##### Materials provided #####

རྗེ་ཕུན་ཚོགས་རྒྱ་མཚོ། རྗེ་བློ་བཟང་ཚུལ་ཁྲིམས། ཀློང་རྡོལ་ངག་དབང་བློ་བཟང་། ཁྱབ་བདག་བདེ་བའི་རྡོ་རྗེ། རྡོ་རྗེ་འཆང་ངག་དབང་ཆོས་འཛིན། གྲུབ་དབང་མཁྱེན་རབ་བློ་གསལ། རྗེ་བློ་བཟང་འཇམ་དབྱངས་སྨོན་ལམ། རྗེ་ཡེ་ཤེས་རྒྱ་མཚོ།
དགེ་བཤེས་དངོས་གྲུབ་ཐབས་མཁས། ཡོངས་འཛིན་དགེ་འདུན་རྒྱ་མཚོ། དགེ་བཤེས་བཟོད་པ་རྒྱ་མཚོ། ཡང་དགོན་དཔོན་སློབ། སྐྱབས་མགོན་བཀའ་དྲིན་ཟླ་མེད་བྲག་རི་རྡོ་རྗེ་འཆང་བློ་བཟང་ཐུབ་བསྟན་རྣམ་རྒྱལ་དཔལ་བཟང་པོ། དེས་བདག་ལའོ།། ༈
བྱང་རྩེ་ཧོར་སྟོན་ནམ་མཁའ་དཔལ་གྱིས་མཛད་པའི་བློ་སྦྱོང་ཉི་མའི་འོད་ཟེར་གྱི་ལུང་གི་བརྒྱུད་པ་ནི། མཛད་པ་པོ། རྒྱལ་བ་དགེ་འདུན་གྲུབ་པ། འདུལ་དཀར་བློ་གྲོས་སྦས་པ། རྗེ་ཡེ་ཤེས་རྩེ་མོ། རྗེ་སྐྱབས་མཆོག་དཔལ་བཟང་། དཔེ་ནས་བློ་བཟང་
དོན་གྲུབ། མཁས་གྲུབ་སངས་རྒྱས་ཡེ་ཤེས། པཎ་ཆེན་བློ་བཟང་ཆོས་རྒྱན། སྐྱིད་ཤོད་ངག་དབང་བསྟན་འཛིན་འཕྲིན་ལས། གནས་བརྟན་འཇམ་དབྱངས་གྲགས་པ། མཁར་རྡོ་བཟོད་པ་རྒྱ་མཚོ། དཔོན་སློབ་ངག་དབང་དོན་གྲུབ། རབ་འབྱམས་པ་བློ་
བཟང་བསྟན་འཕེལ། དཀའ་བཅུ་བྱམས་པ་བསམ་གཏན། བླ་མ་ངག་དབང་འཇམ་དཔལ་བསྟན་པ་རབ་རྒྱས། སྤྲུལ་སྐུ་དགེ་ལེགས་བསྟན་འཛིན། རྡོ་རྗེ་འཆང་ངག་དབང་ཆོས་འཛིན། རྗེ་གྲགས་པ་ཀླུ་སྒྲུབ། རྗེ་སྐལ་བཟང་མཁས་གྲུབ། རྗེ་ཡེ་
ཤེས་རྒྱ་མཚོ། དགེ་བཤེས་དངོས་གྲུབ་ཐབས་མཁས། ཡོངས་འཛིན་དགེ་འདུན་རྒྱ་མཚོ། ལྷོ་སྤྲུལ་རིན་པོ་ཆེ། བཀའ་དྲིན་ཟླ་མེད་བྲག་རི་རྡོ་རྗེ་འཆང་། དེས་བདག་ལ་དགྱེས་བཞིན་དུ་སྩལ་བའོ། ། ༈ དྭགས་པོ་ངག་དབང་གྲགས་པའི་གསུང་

#####

Task brief →
Having found the line with "དོན་གྲུབ། མཁས་གྲུབ་སངས་རྒྱས་ཡེ་ཤེས། པཎ་ཆེན་བློ་བཟང་ཆོས་རྒྱན།" in the listing above, transcribe it and every line after it to the end, exactly, with no additions.

Solution for this task →
དོན་གྲུབ། མཁས་གྲུབ་སངས་རྒྱས་ཡེ་ཤེས། པཎ་ཆེན་བློ་བཟང་ཆོས་རྒྱན། སྐྱིད་ཤོད་ངག་དབང་བསྟན་འཛིན་འཕྲིན་ལས། གནས་བརྟན་འཇམ་དབྱངས་གྲགས་པ། མཁར་རྡོ་བཟོད་པ་རྒྱ་མཚོ། དཔོན་སློབ་ངག་དབང་དོན་གྲུབ། རབ་འབྱམས་པ་བློ་
བཟང་བསྟན་འཕེལ། དཀའ་བཅུ་བྱམས་པ་བསམ་གཏན། བླ་མ་ངག་དབང་འཇམ་དཔལ་བསྟན་པ་རབ་རྒྱས། སྤྲུལ་སྐུ་དགེ་ལེགས་བསྟན་འཛིན། རྡོ་རྗེ་འཆང་ངག་དབང་ཆོས་འཛིན། རྗེ་གྲགས་པ་ཀླུ་སྒྲུབ། རྗེ་སྐལ་བཟང་མཁས་གྲུབ། རྗེ་ཡེ་
ཤེས་རྒྱ་མཚོ། དགེ་བཤེས་དངོས་གྲུབ་ཐབས་མཁས། ཡོངས་འཛིན་དགེ་འདུན་རྒྱ་མཚོ། ལྷོ་སྤྲུལ་རིན་པོ་ཆེ། བཀའ་དྲིན་ཟླ་མེད་བྲག་རི་རྡོ་རྗེ་འཆང་། དེས་བདག་ལ་དགྱེས་བཞིན་དུ་སྩལ་བའོ། ། ༈ དྭགས་པོ་ངག་དབང་གྲགས་པའི་གསུང་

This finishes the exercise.